**What the task requires**
Among the lines below, count those with "height". Give the total alone.

------ Data ------

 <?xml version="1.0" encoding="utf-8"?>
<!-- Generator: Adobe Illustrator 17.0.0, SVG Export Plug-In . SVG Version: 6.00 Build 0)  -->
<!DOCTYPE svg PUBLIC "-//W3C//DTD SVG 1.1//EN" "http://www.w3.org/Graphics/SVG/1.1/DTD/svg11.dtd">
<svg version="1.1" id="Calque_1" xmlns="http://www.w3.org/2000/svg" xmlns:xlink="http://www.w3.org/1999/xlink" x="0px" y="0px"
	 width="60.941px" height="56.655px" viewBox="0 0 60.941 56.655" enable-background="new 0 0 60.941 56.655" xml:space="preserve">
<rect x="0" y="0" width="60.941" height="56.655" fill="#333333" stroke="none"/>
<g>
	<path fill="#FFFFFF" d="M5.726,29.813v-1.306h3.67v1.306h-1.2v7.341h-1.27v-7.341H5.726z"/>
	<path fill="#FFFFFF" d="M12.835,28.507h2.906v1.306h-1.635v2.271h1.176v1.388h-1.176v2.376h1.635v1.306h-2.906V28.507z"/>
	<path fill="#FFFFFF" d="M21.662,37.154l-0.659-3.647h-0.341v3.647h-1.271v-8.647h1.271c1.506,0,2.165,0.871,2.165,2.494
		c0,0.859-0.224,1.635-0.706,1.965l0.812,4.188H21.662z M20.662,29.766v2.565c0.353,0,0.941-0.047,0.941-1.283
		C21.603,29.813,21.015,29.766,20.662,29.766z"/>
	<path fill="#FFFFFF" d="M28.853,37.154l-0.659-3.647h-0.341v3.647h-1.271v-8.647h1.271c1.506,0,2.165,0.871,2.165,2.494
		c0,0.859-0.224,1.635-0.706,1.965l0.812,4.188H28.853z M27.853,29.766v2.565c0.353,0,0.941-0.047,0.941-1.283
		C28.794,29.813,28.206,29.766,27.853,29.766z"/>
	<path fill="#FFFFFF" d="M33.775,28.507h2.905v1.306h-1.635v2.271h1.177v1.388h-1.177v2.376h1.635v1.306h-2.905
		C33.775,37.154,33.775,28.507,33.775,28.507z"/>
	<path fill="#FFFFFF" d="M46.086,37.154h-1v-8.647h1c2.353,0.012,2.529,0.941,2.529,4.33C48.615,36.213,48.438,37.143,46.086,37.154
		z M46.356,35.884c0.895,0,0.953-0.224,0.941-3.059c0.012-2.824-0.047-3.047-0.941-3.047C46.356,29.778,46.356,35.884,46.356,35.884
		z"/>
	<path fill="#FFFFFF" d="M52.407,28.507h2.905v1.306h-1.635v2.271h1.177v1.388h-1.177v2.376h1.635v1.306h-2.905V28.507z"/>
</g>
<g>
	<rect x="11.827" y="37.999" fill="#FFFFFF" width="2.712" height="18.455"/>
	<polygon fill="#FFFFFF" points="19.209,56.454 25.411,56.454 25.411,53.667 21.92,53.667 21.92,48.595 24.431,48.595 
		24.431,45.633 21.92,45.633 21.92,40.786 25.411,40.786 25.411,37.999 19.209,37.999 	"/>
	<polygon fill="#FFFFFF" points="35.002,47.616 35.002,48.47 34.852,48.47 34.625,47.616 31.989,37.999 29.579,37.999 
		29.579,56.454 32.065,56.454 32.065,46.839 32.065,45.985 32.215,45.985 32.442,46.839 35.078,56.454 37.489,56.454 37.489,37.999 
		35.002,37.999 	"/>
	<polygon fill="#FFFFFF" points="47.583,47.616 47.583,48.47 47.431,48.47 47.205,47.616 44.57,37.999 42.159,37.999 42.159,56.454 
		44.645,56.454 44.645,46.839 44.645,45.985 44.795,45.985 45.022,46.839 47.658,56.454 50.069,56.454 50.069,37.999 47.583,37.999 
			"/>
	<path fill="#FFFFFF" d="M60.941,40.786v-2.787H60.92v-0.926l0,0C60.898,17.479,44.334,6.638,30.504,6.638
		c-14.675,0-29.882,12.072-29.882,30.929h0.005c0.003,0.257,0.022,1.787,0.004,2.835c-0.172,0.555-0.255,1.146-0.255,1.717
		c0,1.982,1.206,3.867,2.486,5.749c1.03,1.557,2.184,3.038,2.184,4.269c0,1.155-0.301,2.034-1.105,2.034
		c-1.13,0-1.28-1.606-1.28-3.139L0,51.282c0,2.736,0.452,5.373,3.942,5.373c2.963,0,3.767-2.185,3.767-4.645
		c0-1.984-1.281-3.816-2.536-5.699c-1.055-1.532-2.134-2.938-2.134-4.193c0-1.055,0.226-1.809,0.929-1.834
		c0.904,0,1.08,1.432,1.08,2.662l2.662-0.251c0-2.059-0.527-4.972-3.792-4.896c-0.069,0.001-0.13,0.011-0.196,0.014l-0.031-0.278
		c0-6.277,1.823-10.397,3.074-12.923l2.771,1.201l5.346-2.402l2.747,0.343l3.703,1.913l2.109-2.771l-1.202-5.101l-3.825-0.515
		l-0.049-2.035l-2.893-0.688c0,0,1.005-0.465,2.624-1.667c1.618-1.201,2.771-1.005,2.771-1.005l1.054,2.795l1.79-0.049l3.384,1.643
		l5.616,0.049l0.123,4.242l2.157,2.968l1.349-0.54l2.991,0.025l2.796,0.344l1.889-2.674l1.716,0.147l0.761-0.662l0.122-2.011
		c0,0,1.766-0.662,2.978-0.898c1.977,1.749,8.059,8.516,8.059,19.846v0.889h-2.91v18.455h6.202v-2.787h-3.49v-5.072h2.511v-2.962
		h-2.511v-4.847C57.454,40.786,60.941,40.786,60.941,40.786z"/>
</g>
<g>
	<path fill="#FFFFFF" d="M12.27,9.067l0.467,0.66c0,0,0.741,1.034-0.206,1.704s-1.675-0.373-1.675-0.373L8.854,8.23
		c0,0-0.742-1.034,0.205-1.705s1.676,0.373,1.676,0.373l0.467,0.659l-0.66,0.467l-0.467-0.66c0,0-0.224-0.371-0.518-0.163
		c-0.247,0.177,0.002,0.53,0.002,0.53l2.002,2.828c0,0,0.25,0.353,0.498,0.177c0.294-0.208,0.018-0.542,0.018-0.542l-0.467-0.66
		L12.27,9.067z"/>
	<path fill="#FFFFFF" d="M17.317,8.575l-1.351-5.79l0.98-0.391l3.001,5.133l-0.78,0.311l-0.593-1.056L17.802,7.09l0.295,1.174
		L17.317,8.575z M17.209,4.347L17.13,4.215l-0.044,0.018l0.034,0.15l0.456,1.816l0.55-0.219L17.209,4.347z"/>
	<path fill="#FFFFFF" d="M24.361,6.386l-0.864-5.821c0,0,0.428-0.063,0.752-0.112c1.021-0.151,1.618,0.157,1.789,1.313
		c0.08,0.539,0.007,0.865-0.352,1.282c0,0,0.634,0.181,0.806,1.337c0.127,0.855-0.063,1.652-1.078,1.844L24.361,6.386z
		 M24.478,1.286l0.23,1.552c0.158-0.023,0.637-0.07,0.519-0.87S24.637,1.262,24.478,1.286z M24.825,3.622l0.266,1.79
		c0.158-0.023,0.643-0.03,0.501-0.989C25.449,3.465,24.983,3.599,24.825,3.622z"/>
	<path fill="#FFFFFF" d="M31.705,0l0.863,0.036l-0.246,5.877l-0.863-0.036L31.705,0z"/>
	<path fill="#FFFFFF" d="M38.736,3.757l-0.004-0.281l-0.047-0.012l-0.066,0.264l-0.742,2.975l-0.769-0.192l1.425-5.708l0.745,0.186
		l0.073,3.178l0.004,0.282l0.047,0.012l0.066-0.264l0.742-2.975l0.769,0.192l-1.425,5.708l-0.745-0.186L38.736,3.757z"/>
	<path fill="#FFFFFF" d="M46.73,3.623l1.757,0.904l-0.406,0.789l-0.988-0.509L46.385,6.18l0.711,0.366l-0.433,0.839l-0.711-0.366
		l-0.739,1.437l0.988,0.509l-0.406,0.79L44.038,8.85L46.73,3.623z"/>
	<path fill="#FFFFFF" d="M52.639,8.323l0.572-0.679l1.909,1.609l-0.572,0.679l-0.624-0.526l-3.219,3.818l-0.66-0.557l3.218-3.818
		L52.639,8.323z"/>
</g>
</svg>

------

**Answer section**
3